Because only US-ASCII characters are allowed in the Subject
header, any non-US-ASCII character must be encoded as US-ASCII, and RFC 2047 defines a draft standard for that, which is widely in use. E.g., with the "Quoted-Printable" a.k.a. "Q" encoding (section 4.2),
- cyrillic
Тест
becomes Subject: =?UTF-8?Q?=D0=A2=D0=B5=D1=81=D1=82?=
- arabic
متحان
becomes Subject: =?UTF-8?Q?=D9=85=D8=AA=D8=AD=D8=A7=D9=86?=
.
The matching in PCRE header_checks
should be done against that encoding.
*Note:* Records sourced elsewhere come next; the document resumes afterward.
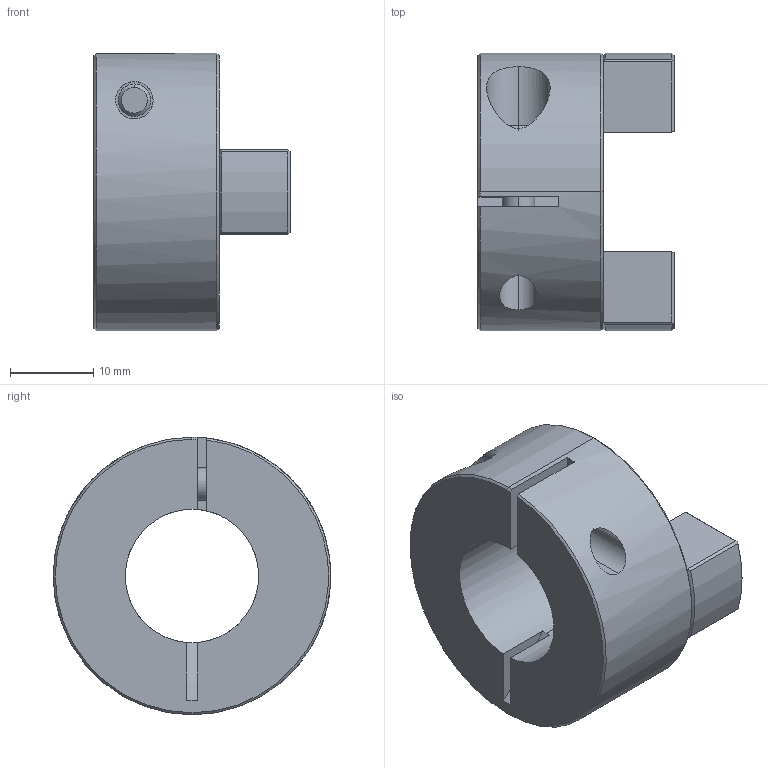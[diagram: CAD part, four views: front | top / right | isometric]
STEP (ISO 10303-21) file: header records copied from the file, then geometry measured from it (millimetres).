
FILE_DESCRIPTION (( 'STEP AP203' ), '1' );
FILE_NAME ('DC-DAC33-16M.step', '2020-06-03T18:06:02', ( '' ), ( '' ), 'SwSTEP 2.0', 'SolidWorks 2019', '' );
FILE_SCHEMA (( 'CONFIG_CONTROL_DESIGN' ));
Length unit declared in the file: millimetre
Products named in the file (1): DC-DAC33-16M
Bounding box: 23.5 x 33.27 x 33.27 mm (x, y, z)
Volume: 10919.9 mm3; surface area: 5098 mm2
Topology: 2 solids, 2 shells, 64 faces, 162 edges, 104 vertices
Faces by surface type: plane 32, cylinder 19, cone 13
Entity records: 2146 total; most frequent: CARTESIAN_POINT 527, ORIENTED_EDGE 324, DIRECTION 317, EDGE_CURVE 162, AXIS2_PLACEMENT_3D 118, VERTEX_POINT 104, VECTOR 81, LINE 81
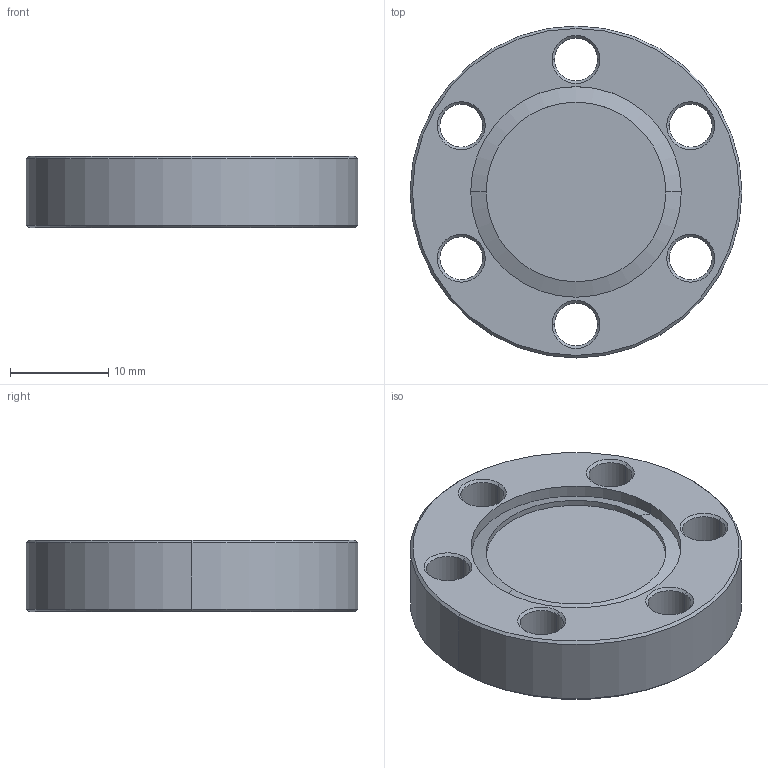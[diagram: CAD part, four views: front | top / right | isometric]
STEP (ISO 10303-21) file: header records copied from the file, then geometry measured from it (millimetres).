
FILE_DESCRIPTION (( 'STEP AP203' ), '1' );
FILE_NAME ('1112010 REV 1.STEP', '2017-03-03T18:33:36', ( '' ), ( '' ), 'SwSTEP 2.0', 'SolidWorks 2016', '' );
FILE_SCHEMA (( 'CONFIG_CONTROL_DESIGN' ));
Length unit declared in the file: millimetre
Products named in the file (1): 1112010 REV 1
Bounding box: 33.78 x 33.78 x 7.24 mm (x, y, z)
Volume: 5397.6 mm3; surface area: 3046.3 mm2
Topology: 1 solids, 1 shells, 51 faces, 116 edges, 68 vertices
Faces by surface type: cone 30, cylinder 18, plane 3
Entity records: 1535 total; most frequent: DIRECTION 288, CARTESIAN_POINT 236, ORIENTED_EDGE 232, AXIS2_PLACEMENT_3D 120, EDGE_CURVE 116, CIRCLE 68, VERTEX_POINT 68, EDGE_LOOP 64
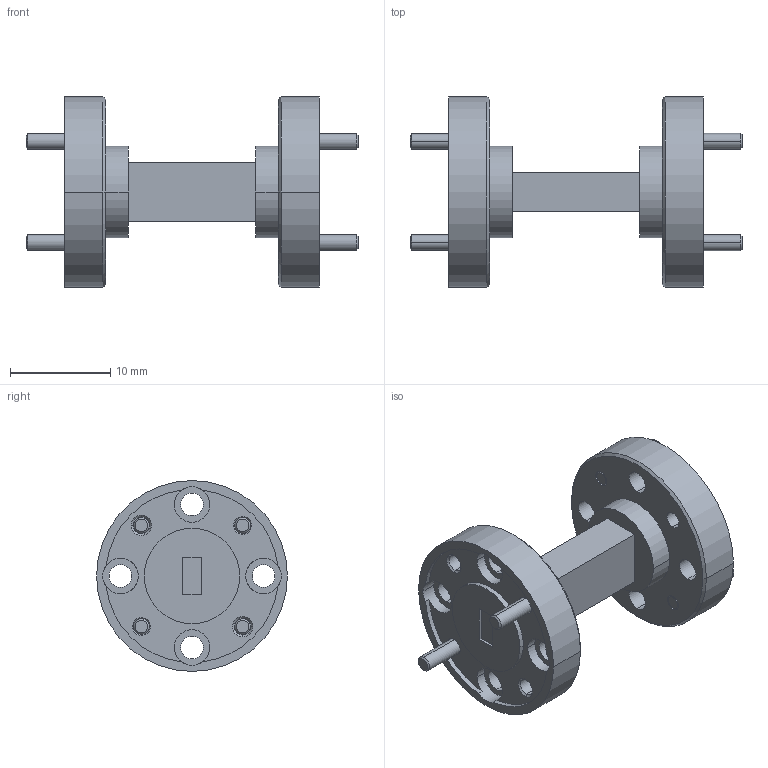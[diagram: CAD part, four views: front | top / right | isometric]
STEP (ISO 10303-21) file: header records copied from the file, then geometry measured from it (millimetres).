
FILE_DESCRIPTION (( 'STEP AP214' ), '1' );
FILE_NAME ('WG-FV-A-L, 1.0in.STEP', '2022-08-24T16:46:31', ( '' ), ( '' ), 'SwSTEP 2.0', 'SolidWorks 2021', '' );
FILE_SCHEMA (( 'AUTOMOTIVE_DESIGN' ));
Length unit declared in the file: inch
Products named in the file (1): WG-FV-A-L, 1.0in
Bounding box: 33.15 x 19.05 x 19.05 mm (x, y, z)
Volume: 2569.9 mm3; surface area: 2483.2 mm2
Topology: 5 solids, 5 shells, 152 faces, 360 edges, 228 vertices
Faces by surface type: cylinder 76, plane 40, cone 36
Entity records: 6564 total; most frequent: DIRECTION 870, CARTESIAN_POINT 741, ORIENTED_EDGE 720, EDGE_CURVE 360, AXIS2_PLACEMENT_3D 357, VERTEX_POINT 228, CIRCLE 204, EDGE_LOOP 194
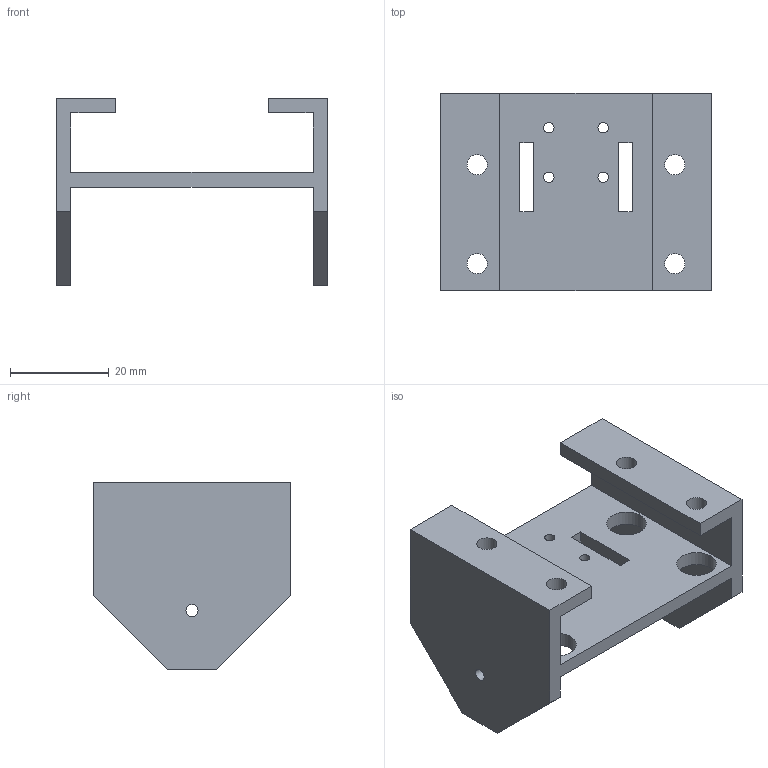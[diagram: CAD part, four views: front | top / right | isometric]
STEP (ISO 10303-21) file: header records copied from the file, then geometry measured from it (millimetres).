
FILE_DESCRIPTION(/* description */ (''),/* implementation_level */ '2;1');
FILE_NAME(/* name */ 'attocube_holder.stp',/* time_stamp */ '2025-07-23T17:03:35+02:00',/* author */ ('gaiadaprato'),/* organization */ (''),/* preprocessor_version */ 'ST-DEVELOPER v19.2',/* originating_system */ 'Autodesk Inventor 2024',/* authorisation */ '');
FILE_SCHEMA (('AUTOMOTIVE_DESIGN { 1 0 10303 214 3 1 1 }'));
Length unit declared in the file: millimetre
Products named in the file (1): attocube_holder
Bounding box: 55 x 40 x 38 mm (x, y, z)
Volume: 14751.5 mm3; surface area: 11609 mm2
Topology: 1 solids, 1 shells, 44 faces, 126 edges, 85 vertices
Faces by surface type: plane 30, cylinder 14
Full cylindrical faces by diameter (mm): 2.1 x4, 2.459 x2, 4.1 x4, 8 x4
Entity records: 1609 total; most frequent: CARTESIAN_POINT 256, ORIENTED_EDGE 252, DIRECTION 244, EDGE_CURVE 126, LINE 98, VECTOR 98, VERTEX_POINT 84, EDGE_LOOP 76

However, matching unicode blocks using regular expressions like PCRE is pretty hard, as the following table demonstrates.
Unicode block |
Range |
Q-P start |
Q-P end |
Cyrillic |
U+0400..U+04FF |
=D0=80 |
=D3=BF |
Arabic |
U+0600..U+06FF |
=D8=80 |
=DB=BF |
This limitation is also mentioned in the Postfix Built-in Content Inspection documentation:
Limitations of Postfix header/body checks
Header/body checks do not decode message headers or message body content. For example, if text in the message body is BASE64 encoded (RFC 2045) then your regular expressions will have to match the BASE64 encoded form. Likewise, message headers with encoded non-ASCII characters (RFC 2047) need to be matched in their encoded form.
I would suggest using SpamAssassin rules, instead. The TextCat language guesser even has ok_languages
for detecting languages from message body.